Weiß man schon, warum verschiedene Menschen unterschiedliche Verläufe erleiden?

Es gibt eine genetische Komponente beim Menschen. Zehn Infizierte haben es leicht, der elfte landet auf der Intensivstation: Es muss also Wirtsfaktoren geben, die, abseits von Alter und Vorerkrankungen, die Schwere der Infektion beeinflussen.
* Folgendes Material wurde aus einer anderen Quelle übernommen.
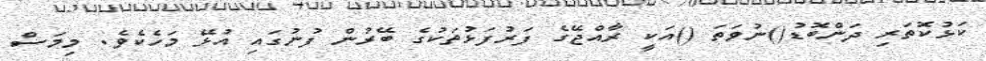
ކަޅުކޮތަރި ދަންބޮޑު()ނުވަތަ ()އަކީ ރާއްޖޭގެ ފަރުފަޅުތަކުގެ ބޭރުން ފުނުގައި އުޅޭ މަހެކެވެ. މިމަސް
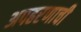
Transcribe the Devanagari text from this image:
अपहरणाची
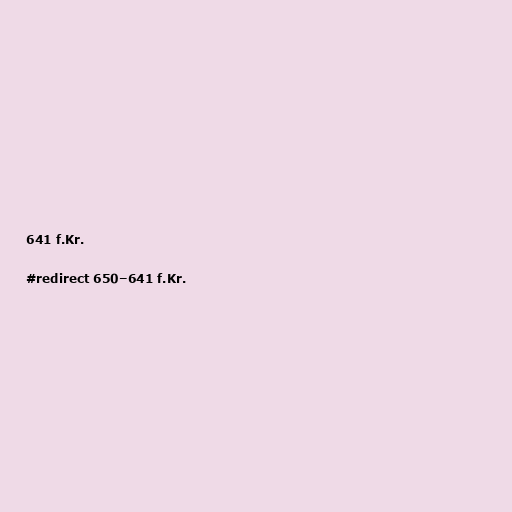
641 f.Kr.

#redirect 650–641 f.Kr.
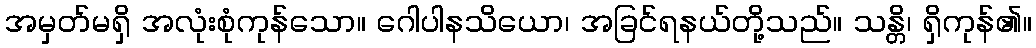
အမှတ်မရှိ အလုံးစုံကုန်သော။ ဂေါပါနသိယော၊ အခြင်ရနယ်တို့သည်။ သန္တိ၊ ရှိကုန်၏။
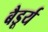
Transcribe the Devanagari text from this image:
बैडूर्य
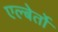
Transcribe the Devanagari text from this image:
एल्बेर्तो
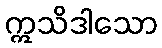
ဣသိဒါသော
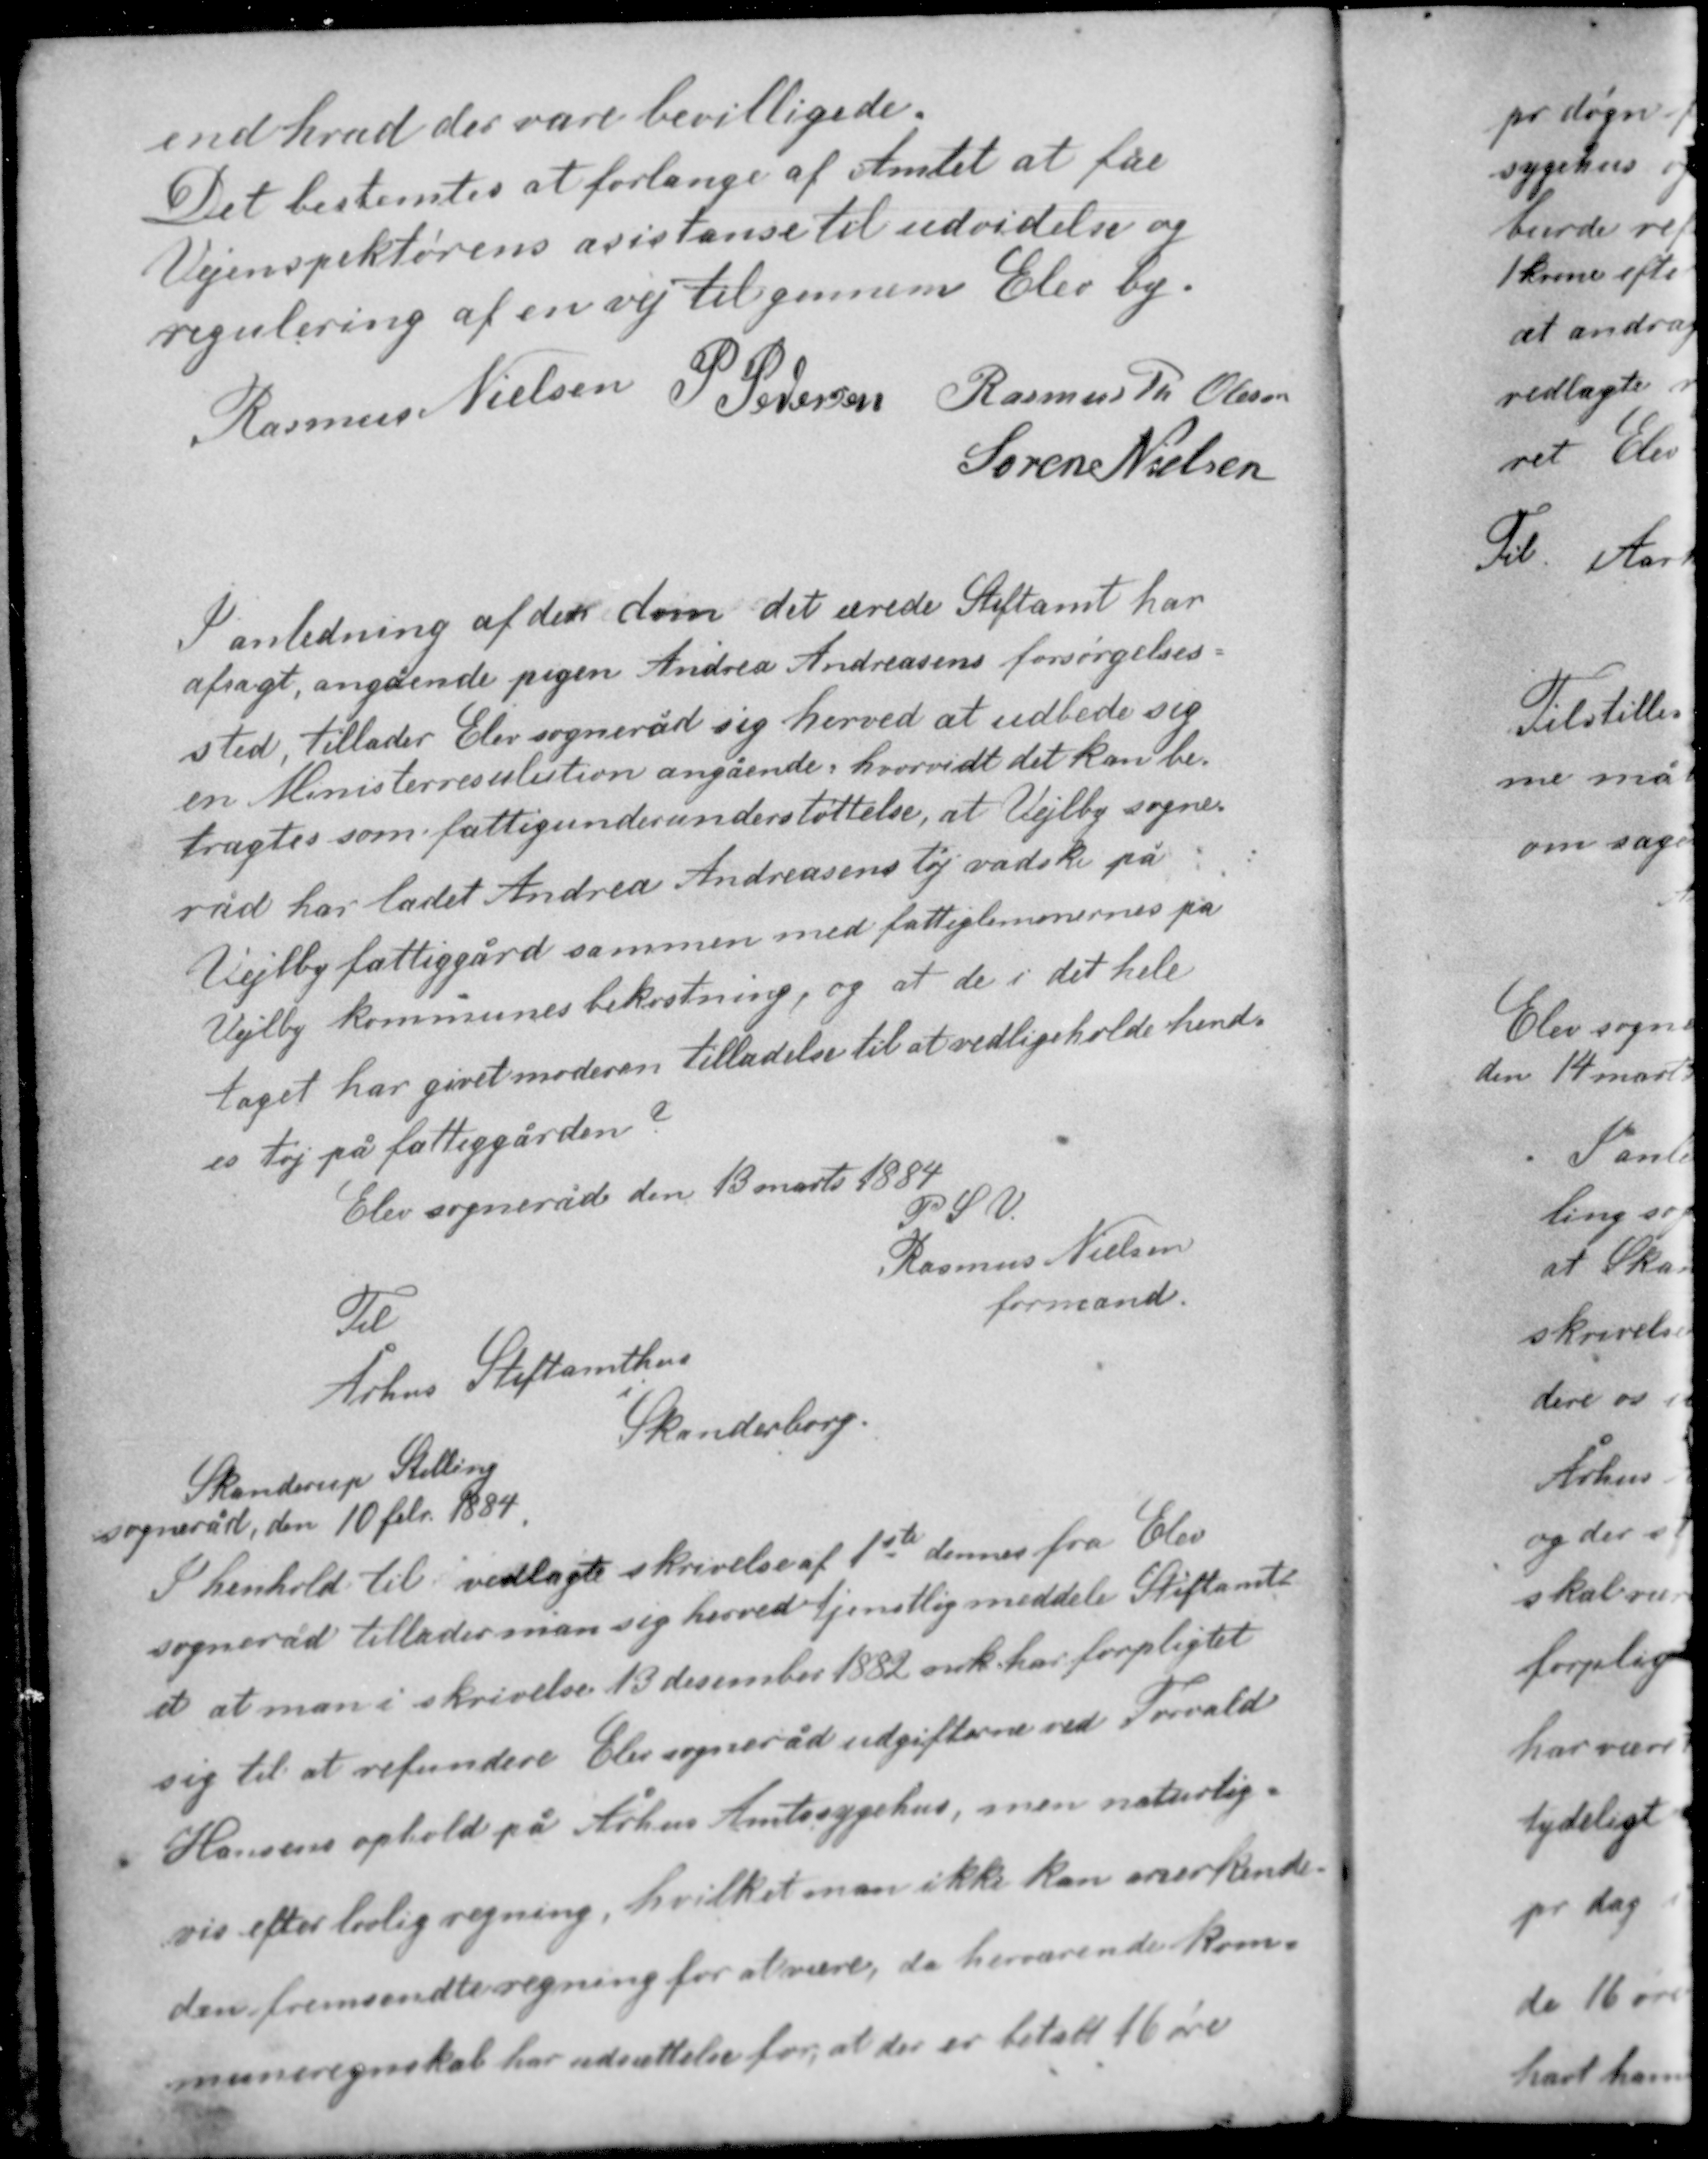
Transskription:
end hvad der vare bevilligede.
Det bestemtes at forlange af Amtet at fåe
Vejinspektørens asistanse til udvidelse og
regulering af en vej til gennem Elev by.

P. Pedersen Rasmus Th. Olesen
Rasmus Nielsen
Søren Nielsen

I anledning af den dom det ærede Stiftamt har
afsagt, angående pigen Andrea Andreasens forsørgelses-
sted, tillader Elev sogneråd sig herved at udbede sig
en Ministerresulution angående, hvorvidt det kan be-
tragtes som fattigunderstøttelse, at Vejlby sogne-
råd har ladet Andrea Andreasens tøj vadske på
Vejlby fattiggård sammen med fattiglemmernes på
Vejlby kommunes bekostning, og at de i det hele
taget har givet moderen tilladelse til at veligeholde hend-
es tøj på tøj på fattiggården?

Elev sogneråd den 13 marts 1884
P. S. V.
Rasmus Nielsen
formand

Til
Århus Stiftamthus
Skanderborg

Skanderup Stilling
sogneråd, den 10 feb. 1884

I henhold til vedlagte skrivelse af 1ste dennes fra Elev
sogneråd tillader man sig herved tjenstlig meddelele Stiftamt-
et at man i skrivelse 13 december 1882 nok har forpligtet
sig til at refundere Elev sogneråd udgifterne ved Torvald
Hansens ophold på Århus Amtssygehus, men natrulig-
vis efter lovlig regning, hvilket man ikke kan anerkende
den fremsendte regning for at være, da herværende kom-
muneregnskab har udsættelse for at der er betalt 16 øre
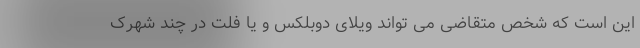
این است که شخص متقاضی می تواند ویلای دوبلکس و یا فلت در چند شهرک
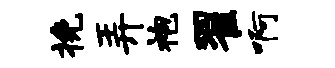
挽弄袍翟啊
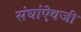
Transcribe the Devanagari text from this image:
संघांऐवजी
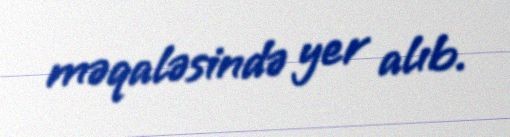
məqaləsində yer alıb.
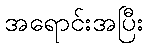
အရောင်းအပြီး
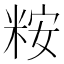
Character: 𫃀
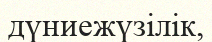
дүниежүзілік,
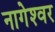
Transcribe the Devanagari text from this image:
नागेश्‍वर
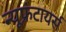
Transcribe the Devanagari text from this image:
न्यूफ्रंटायर्स
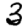
Digit: 3
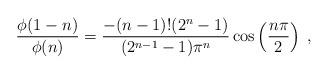
LaTeX: \begin{align*}\frac{\phi(1-n)}{\phi(n)} = \frac{-(n-1)!(2^n-1)}{(2^{n-1}-1)\pi^n}\cos\left(\frac{n\pi}{2}\right)\;,\end{align*}
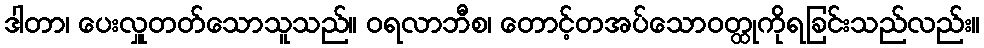
ဒါတာ၊ ပေးလှူတတ်သောသူသည်။ ဝရလာဘီစ၊ တောင့်တအပ်သောဝတ္ထုကိုရခြင်းသည်လည်း။
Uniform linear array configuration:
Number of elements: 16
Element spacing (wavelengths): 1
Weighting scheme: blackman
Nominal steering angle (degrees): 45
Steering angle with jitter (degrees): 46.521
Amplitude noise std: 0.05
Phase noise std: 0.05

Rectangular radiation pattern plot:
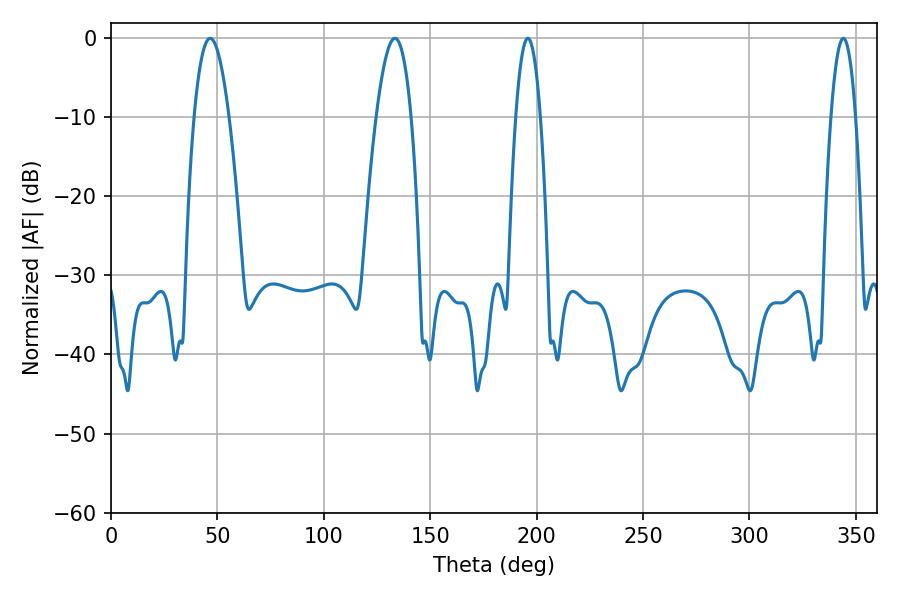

Wir haben in einer Studie auf die Immunantwort der Natürlichen Killerzellen des Immunsystems fokussiert, die früh in der Viren-Abwehr aktiv werden. Bei Sars-CoV-2 zeigte sich, dass eine Mutation in einem Rezeptor dieser Killer-Zellen die Schwere des Verlaufs beeinflusst.

Ein schwerer Verlauf von Covid-19 hat also genetische Ursachen?

Durchaus. Verschiedene genetische Faktoren im Menschen sind mit schweren Virusinfektionen verknüpft. Individuelle genetische Profile kommen mit bestimmten Viren schlechter zurande. Wenn die Immunantwort genetisch bedingt gegen bestimmte Viren weniger gut funktioniert, haben die Viren bessere Chancen. Vielleicht können wir in Zukunft, wenn wir alle Faktoren dieses Profils kennen, unser genetisches Risiko für Viruserkrankungen testen lassen.

Wie hat das Coronavirus Ihre Arbeit verändert?

Es hat unser Fach unglaublich in den Vordergrund gerückt und unser Arbeitsleben dramatisch intensiviert. Unser ganzes Institut wurde massiv in die Medien und in die Beratung geholt.